Exercise prompt —
Two lines in the listing below mark the span: one contains "A CAD part, left-side" and one contains "#15198 = VERTEX_POINT( '', #18650 );". Reproduce both of them and everything between, exactly.

START Supplied records

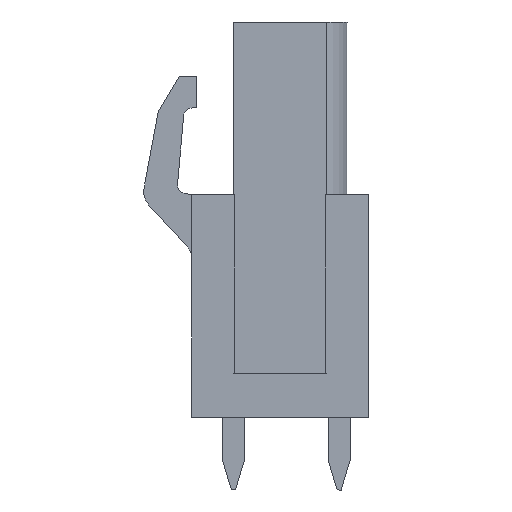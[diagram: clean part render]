
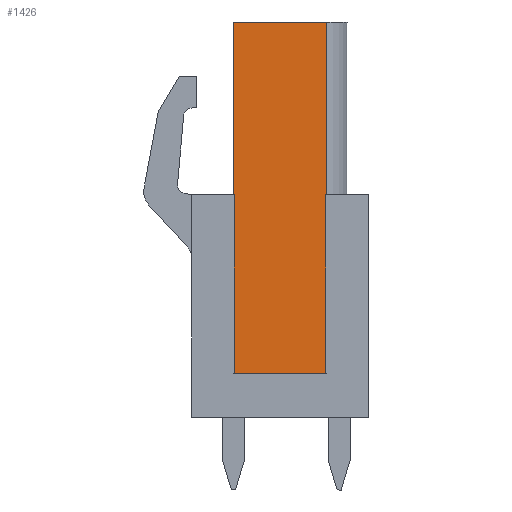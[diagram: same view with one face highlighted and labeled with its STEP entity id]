
A CAD part, left-side view. The second image highlights one B-rep face of the part: STEP entity #1426.
In plain terms, the highlighted planar face has unit normal (-1, 0, 0).
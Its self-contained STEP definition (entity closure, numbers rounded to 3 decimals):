
#1426 = ADVANCED_FACE( '', ( #3101 ), #3102, .F. );
#3101 = FACE_OUTER_BOUND( '', #5848, .T. );
#3102 = PLANE( '', #5849 );
#5848 = EDGE_LOOP( '', ( #10134, #10135, #10136, #10137, #10138, #10139, #10140, #10141 ) );
#5849 = AXIS2_PLACEMENT_3D( '', #10142, #10143, #10144 );
#10134 = ORIENTED_EDGE( '', *, *, #13848, .T. );
#10135 = ORIENTED_EDGE( '', *, *, #13849, .T. );
#10136 = ORIENTED_EDGE( '', *, *, #12718, .T. );
#10137 = ORIENTED_EDGE( '', *, *, #13850, .F. );
#10138 = ORIENTED_EDGE( '', *, *, #13851, .F. );
#10139 = ORIENTED_EDGE( '', *, *, #12572, .F. );
#10140 = ORIENTED_EDGE( '', *, *, #13852, .T. );
#10141 = ORIENTED_EDGE( '', *, *, #13159, .T. );
#10142 = CARTESIAN_POINT( '', ( -15.2, -3.25, 5.35 ) );
#10143 = DIRECTION( '', ( 1., 0., 0. ) );
#10144 = DIRECTION( '', ( 0., 0., -1. ) );
#12572 = EDGE_CURVE( '', #14934, #14930, #14936, .T. );
#12718 = EDGE_CURVE( '', #15198, #15196, #15199, .T. );
#13159 = EDGE_CURVE( '', #15925, #15922, #15926, .T. );
#13848 = EDGE_CURVE( '', #15922, #16886, #16887, .T. );
#13849 = EDGE_CURVE( '', #16886, #15198, #16888, .T. );
#13850 = EDGE_CURVE( '', #16889, #15196, #16890, .T. );
#13851 = EDGE_CURVE( '', #14930, #16889, #16891, .T. );
#13852 = EDGE_CURVE( '', #14934, #15925, #16892, .T. );
#14930 = VERTEX_POINT( '', #18277 );
#14934 = VERTEX_POINT( '', #18283 );
#14936 = LINE( '', #18286, #18287 );
#15196 = VERTEX_POINT( '', #18647 );
#15198 = VERTEX_POINT( '', #18650 );
#15199 = LINE( '', #18651, #18652 );
#15922 = VERTEX_POINT( '', #19700 );
#15925 = VERTEX_POINT( '', #19704 );
#15926 = LINE( '', #19705, #19706 );
#16886 = VERTEX_POINT( '', #21115 );
#16887 = LINE( '', #21116, #21117 );
#16888 = LINE( '', #21118, #21119 );
#16889 = VERTEX_POINT( '', #21120 );
#16890 = LINE( '', #21121, #21122 );
#16891 = LINE( '', #21123, #21124 );
#16892 = LINE( '', #21125, #21126 );
#18277 = CARTESIAN_POINT( '', ( -15.2, 2.65, 5.35 ) );
#18283 = CARTESIAN_POINT( '', ( -15.2, 2.65, -3.25 ) );
#18286 = CARTESIAN_POINT( '', ( -15.2, 2.65, -3.25 ) );
#18287 = VECTOR( '', #22239, 1000. );
#18647 = CARTESIAN_POINT( '', ( -15.2, 2.25, 13.65 ) );
#18650 = CARTESIAN_POINT( '', ( -15.2, -2.25, 13.65 ) );
#18651 = CARTESIAN_POINT( '', ( -15.2, -3.25, 13.65 ) );
#18652 = VECTOR( '', #22422, 1000. );
#19700 = CARTESIAN_POINT( '', ( -15.2, -2.65, 5.35 ) );
#19704 = CARTESIAN_POINT( '', ( -15.2, -2.65, -3.25 ) );
#19705 = CARTESIAN_POINT( '', ( -15.2, -2.65, -3.25 ) );
#19706 = VECTOR( '', #22870, 1000. );
#21115 = CARTESIAN_POINT( '', ( -15.2, -2.25, 5.35 ) );
#21116 = CARTESIAN_POINT( '', ( -15.2, -3.25, 5.35 ) );
#21117 = VECTOR( '', #23515, 1000. );
#21118 = CARTESIAN_POINT( '', ( -15.2, -2.25, 5.35 ) );
#21119 = VECTOR( '', #23516, 1000. );
#21120 = CARTESIAN_POINT( '', ( -15.2, 2.25, 5.35 ) );
#21121 = CARTESIAN_POINT( '', ( -15.2, 2.25, 5.35 ) );
#21122 = VECTOR( '', #23517, 1000. );
#21123 = CARTESIAN_POINT( '', ( -15.2, 2.65, 5.35 ) );
#21124 = VECTOR( '', #23518, 1000. );
#21125 = CARTESIAN_POINT( '', ( -15.2, 2.65, -3.25 ) );
#21126 = VECTOR( '', #23519, 1000. );
#22239 = DIRECTION( '', ( 0., 0., 1. ) );
#22422 = DIRECTION( '', ( 0., 1., 0. ) );
#22870 = DIRECTION( '', ( 0., 0., 1. ) );
#23515 = DIRECTION( '', ( 0., 1., 0. ) );
#23516 = DIRECTION( '', ( 0., 0., 1. ) );
#23517 = DIRECTION( '', ( 0., 0., 1. ) );
#23518 = DIRECTION( '', ( 0., -1., 0. ) );
#23519 = DIRECTION( '', ( 0., -1., 0. ) );

END Supplied records

Task output —
A CAD part, left-side view. The second image highlights one B-rep face of the part: STEP entity #1426.
In plain terms, the highlighted planar face has unit normal (-1, 0, 0).
Its self-contained STEP definition (entity closure, numbers rounded to 3 decimals):
#1426 = ADVANCED_FACE( '', ( #3101 ), #3102, .F. );
#3101 = FACE_OUTER_BOUND( '', #5848, .T. );
#3102 = PLANE( '', #5849 );
#5848 = EDGE_LOOP( '', ( #10134, #10135, #10136, #10137, #10138, #10139, #10140, #10141 ) );
#5849 = AXIS2_PLACEMENT_3D( '', #10142, #10143, #10144 );
#10134 = ORIENTED_EDGE( '', *, *, #13848, .T. );
#10135 = ORIENTED_EDGE( '', *, *, #13849, .T. );
#10136 = ORIENTED_EDGE( '', *, *, #12718, .T. );
#10137 = ORIENTED_EDGE( '', *, *, #13850, .F. );
#10138 = ORIENTED_EDGE( '', *, *, #13851, .F. );
#10139 = ORIENTED_EDGE( '', *, *, #12572, .F. );
#10140 = ORIENTED_EDGE( '', *, *, #13852, .T. );
#10141 = ORIENTED_EDGE( '', *, *, #13159, .T. );
#10142 = CARTESIAN_POINT( '', ( -15.2, -3.25, 5.35 ) );
#10143 = DIRECTION( '', ( 1., 0., 0. ) );
#10144 = DIRECTION( '', ( 0., 0., -1. ) );
#12572 = EDGE_CURVE( '', #14934, #14930, #14936, .T. );
#12718 = EDGE_CURVE( '', #15198, #15196, #15199, .T. );
#13159 = EDGE_CURVE( '', #15925, #15922, #15926, .T. );
#13848 = EDGE_CURVE( '', #15922, #16886, #16887, .T. );
#13849 = EDGE_CURVE( '', #16886, #15198, #16888, .T. );
#13850 = EDGE_CURVE( '', #16889, #15196, #16890, .T. );
#13851 = EDGE_CURVE( '', #14930, #16889, #16891, .T. );
#13852 = EDGE_CURVE( '', #14934, #15925, #16892, .T. );
#14930 = VERTEX_POINT( '', #18277 );
#14934 = VERTEX_POINT( '', #18283 );
#14936 = LINE( '', #18286, #18287 );
#15196 = VERTEX_POINT( '', #18647 );
#15198 = VERTEX_POINT( '', #18650 );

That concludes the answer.